A few weeks ago, Marc Emery was sentenced to serve 90 days in jail for trafficking marijuana, for passing a joint! Even though the precedent set by our courts before this incident was that sharing is not trafficking, even though Marc did nothing but share a joint with some supporters in a conservative Canadian town.
Around the same time, a cannabis festival, a protest much like this one, was taking place in Queen’s Park, right over there, when City officials and a few gung-ho cops decided to start manhandling and arresting protestors for no logical reason – it was one of the most disturbing things I’ve ever seen happen in this great nation. Canabian Day was shut down because they couldn’t get insurance for their event – insurance that’s necessary if you are going to get a permit for city property – insurance that’s absolutely impossible to get if you tell the truth about what you’re doing.

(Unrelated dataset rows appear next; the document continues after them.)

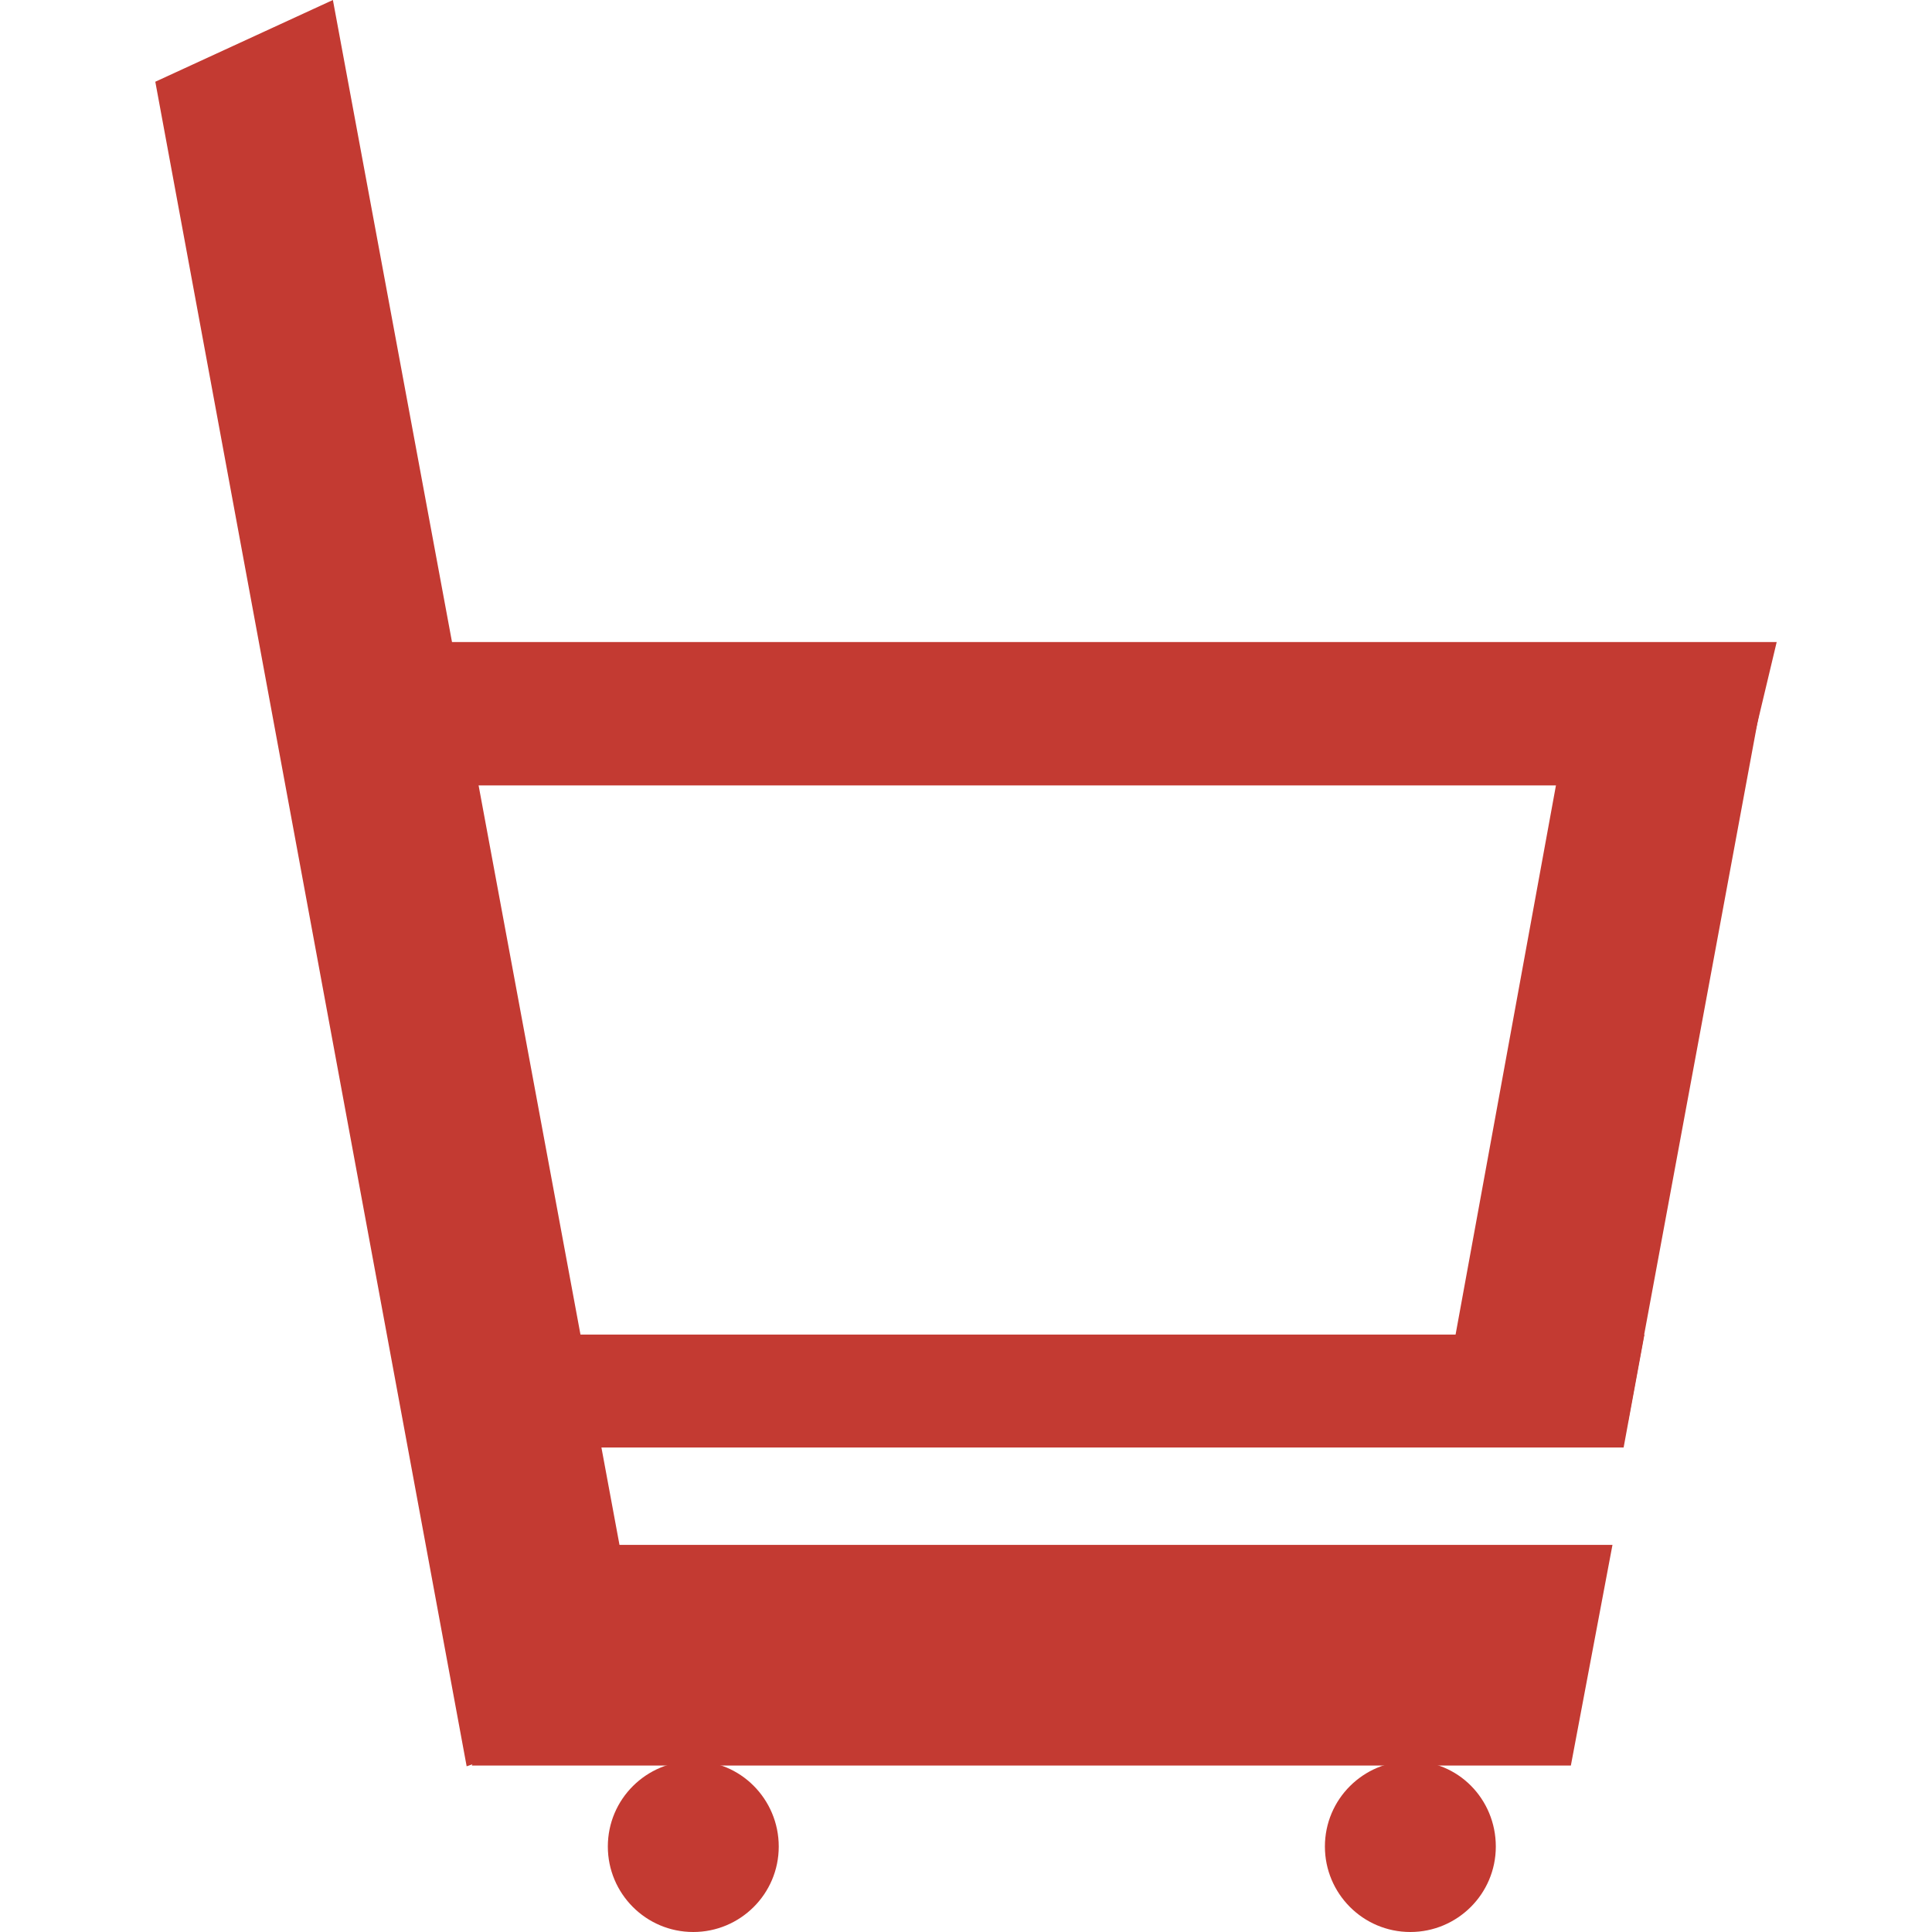 <?xml version="1.0" encoding="utf-8"?>
<!-- Generator: Adobe Illustrator 21.0.0, SVG Export Plug-In . SVG Version: 6.00 Build 0)  -->
<svg version="1.1" id="Layer_1" xmlns="http://www.w3.org/2000/svg" xmlns:xlink="http://www.w3.org/1999/xlink" x="0px" y="0px"
	 viewBox="0 0 260 260" style="enable-background:new 0 0 260 260;" xml:space="preserve">
<style type="text/css">
	.st0{fill:#C33A32;}
</style>
<g>
	<polygon class="st0" points="73.9,207.9 63.5,237.6 211.4,237.6 217,207.9 	"/>
	<polygon class="st0" points="58.5,86.4 48.1,105.7 234.5,105.7 239.1,86.4 	"/>
	<polygon class="st0" points="74.4,179.6 64,194.8 218.5,194.8 221.3,179.6 	"/>
	<polygon class="st0" points="62.8,237.7 87.3,229.1 44.8,0 20.9,11 	"/>
	<polygon class="st0" points="193.4,193.2 219.1,191.3 238.5,86.5 212.9,86.5 	"/>
	<path class="st0" d="M104.8,248.5c0,6.4-5.2,11.5-11.5,11.5c-6.4,0-11.5-5.2-11.5-11.5c0-6.4,5.2-11.5,11.5-11.5
		C99.6,236.9,104.8,242.1,104.8,248.5"/>
	<path class="st0" d="M201.3,248.5c0,6.4-5.2,11.5-11.5,11.5c-6.4,0-11.5-5.2-11.5-11.5c0-6.4,5.2-11.5,11.5-11.5
		C196.2,236.9,201.3,242.1,201.3,248.5"/>
</g>
</svg>
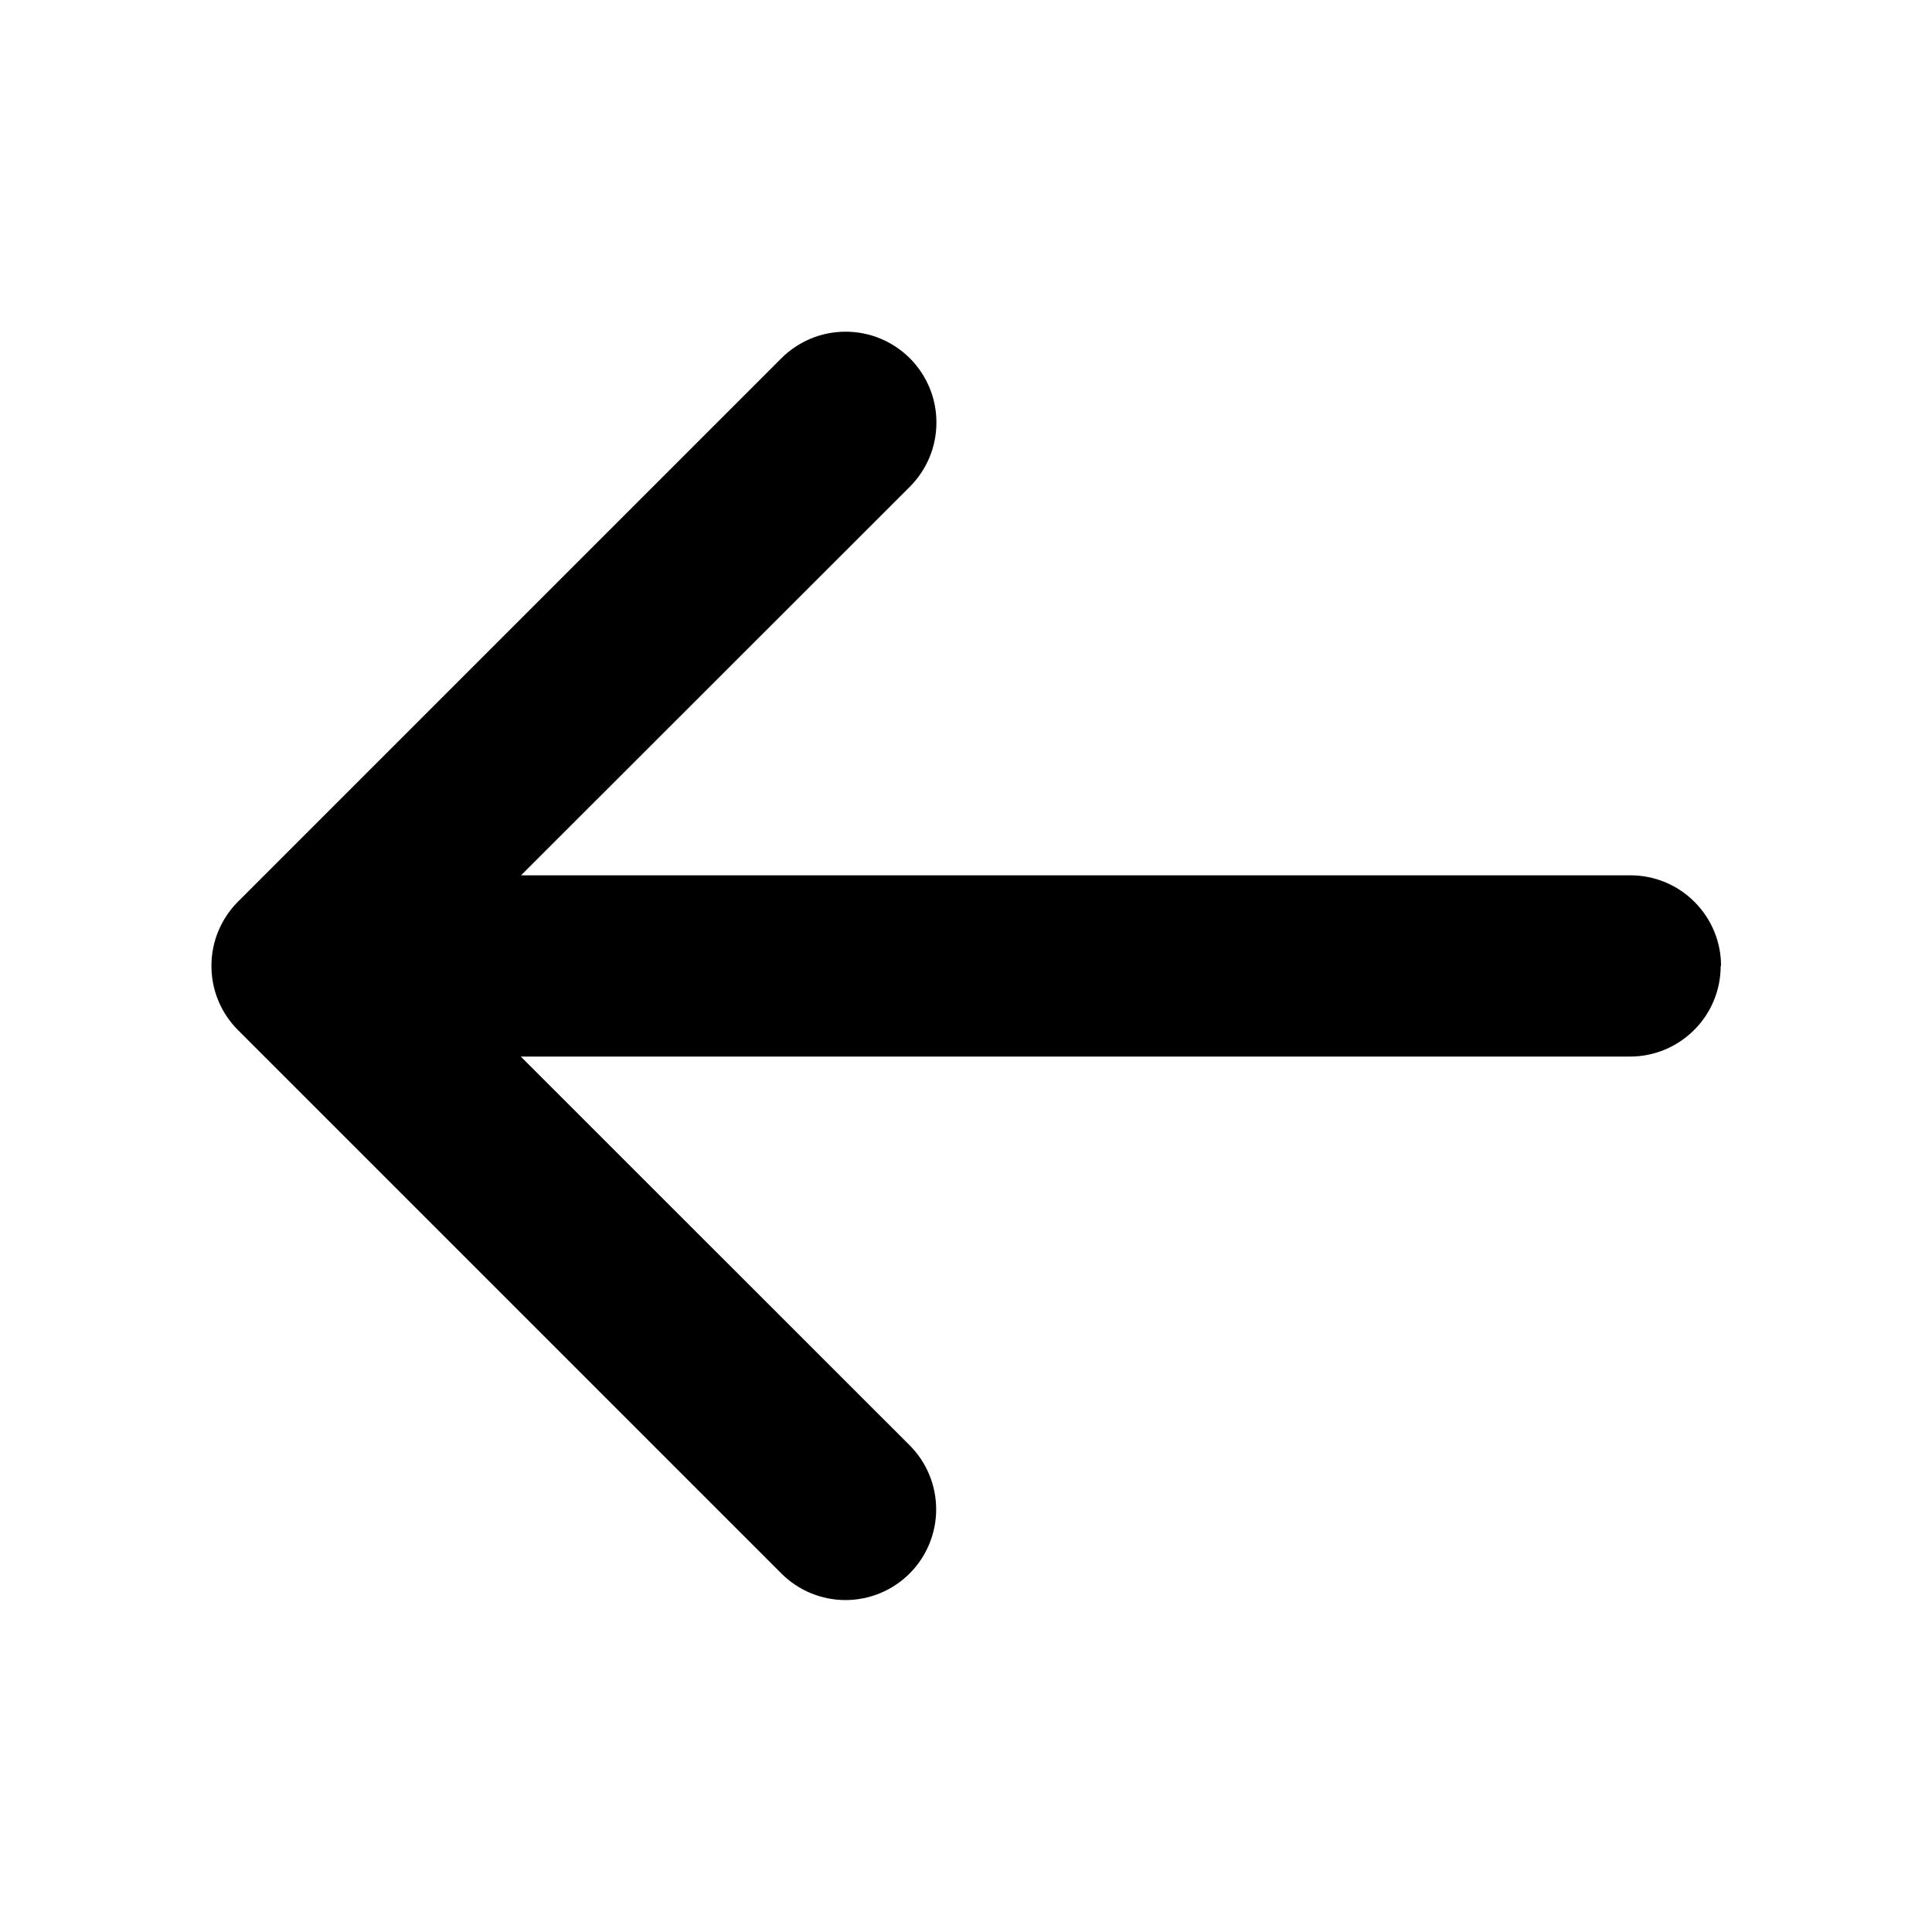 <svg xmlns="http://www.w3.org/2000/svg" viewBox="0 0 16 16">
  <path d="M14.25 8c0 .199-.079.39-.22.53-.141.141-.331.22-.53.22H4.313l3.22 3.219c.141.141.22.332.22.531 0 .199-.079.39-.22.531-.141.141-.332.22-.531.22-.199 0-.39-.079-.531-.22l-4.5-4.5c-.07-.07-.125-.152-.163-.244-.038-.091-.057-.189-.057-.288 0-.099.019-.196.057-.288.038-.091.093-.174.163-.244l4.5-4.5c.07-.07.153-.125.244-.163.091-.038.189-.057.288-.057.099 0 .196.019.288.057.091.038.174.093.244.163.07.07.125.153.163.244.038.091.057.189.057.288s-.019.196-.057.288c-.038.091-.093.174-.163.244l-3.22 3.218h9.188c.199 0 .39.079.53.22.141.141.22.331.22.53Z"/>
</svg>

Similarly, legal and licensed patients who grow their own meds under the Health Canada exemption system are being refused home insurance because of their gardens. They’re being kicked out of their homes – “Get out, cancer patient, and take your wife and children with you, you have 72 hours.” What kind of ridiculous hatred is that? The insurance companies blatantly discriminate against pot smokers and pot growers for no damn reason - hold a tobacco rally or grow a tomato garden and you’re eligible for whatever insurance you want. And the government just says “but that’s not our fault,” completely ignoring the lives that hang in the balance.
And as reported in Now magazine this week, it turns out that the Canada Revenue and Customs Agency has decided that marijuana is taxable and that compassion centres are businesses just like any other. While at the same time, they state that without a prescription and a Drug Identification Number, marijuana is not tax deductible for even legal exemptees. Gee, not too huge a contradiction there, huh?
So really what we’re learning now is that it’s happening, it’s on. It’s time. Right now. And it’s happening without the input and control of our USELESS government. It’s happening in the courts, the courts of public opinion, the streets, the cafes, the stores, right here.
We Canadians are unwilling participants in the misguided war on drugs, unwilling victims of the downward spiral inevitably caused by waging that war.
And we Canadians are neither stupid enough, nor corruptible enough to put up with it any longer, no matter what the idiots in Ottawa say.
That’s pretty much all I have to say, except to encourage you to enjoy this gorgeous day, and consider what you can do next to further help make this world a better place. Get involved, keep informed, inform others, it’s up to us.